TASK DESCRIPTION => Send back all of the records, each one exactly as written.

Records excerpted from a collection =>
* * * *
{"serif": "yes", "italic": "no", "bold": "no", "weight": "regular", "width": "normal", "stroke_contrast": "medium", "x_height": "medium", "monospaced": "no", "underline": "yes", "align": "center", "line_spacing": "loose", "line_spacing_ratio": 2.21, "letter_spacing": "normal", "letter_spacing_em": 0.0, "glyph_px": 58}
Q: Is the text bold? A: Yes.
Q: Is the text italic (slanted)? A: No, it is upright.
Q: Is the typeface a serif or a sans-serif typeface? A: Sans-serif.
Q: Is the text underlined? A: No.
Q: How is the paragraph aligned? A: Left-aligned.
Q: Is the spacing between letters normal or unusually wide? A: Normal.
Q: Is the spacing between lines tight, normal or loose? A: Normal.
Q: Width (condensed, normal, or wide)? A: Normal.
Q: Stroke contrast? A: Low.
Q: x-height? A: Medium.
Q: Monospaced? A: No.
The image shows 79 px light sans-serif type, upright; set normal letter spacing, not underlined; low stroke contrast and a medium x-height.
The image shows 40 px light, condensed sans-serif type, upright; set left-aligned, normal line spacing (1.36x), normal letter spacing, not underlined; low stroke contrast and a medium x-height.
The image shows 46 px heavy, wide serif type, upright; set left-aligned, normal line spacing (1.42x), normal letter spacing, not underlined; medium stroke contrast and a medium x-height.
* * * *
EXERCISE ANSWER =>
{"serif": "yes", "italic": "no", "bold": "no", "weight": "regular", "width": "normal", "stroke_contrast": "medium", "x_height": "medium", "monospaced": "no", "underline": "yes", "align": "center", "line_spacing": "loose", "line_spacing_ratio": 2.21, "letter_spacing": "normal", "letter_spacing_em": 0.0, "glyph_px": 58}
Q: Is the text bold? A: Yes.
Q: Is the text italic (slanted)? A: No, it is upright.
Q: Is the typeface a serif or a sans-serif typeface? A: Sans-serif.
Q: Is the text underlined? A: No.
Q: How is the paragraph aligned? A: Left-aligned.
Q: Is the spacing between letters normal or unusually wide? A: Normal.
Q: Is the spacing between lines tight, normal or loose? A: Normal.
Q: Width (condensed, normal, or wide)? A: Normal.
Q: Stroke contrast? A: Low.
Q: x-height? A: Medium.
Q: Monospaced? A: No.
The image shows 79 px light sans-serif type, upright; set normal letter spacing, not underlined; low stroke contrast and a medium x-height.
The image shows 40 px light, condensed sans-serif type, upright; set left-aligned, normal line spacing (1.36x), normal letter spacing, not underlined; low stroke contrast and a medium x-height.
The image shows 46 px heavy, wide serif type, upright; set left-aligned, normal line spacing (1.42x), normal letter spacing, not underlined; medium stroke contrast and a medium x-height.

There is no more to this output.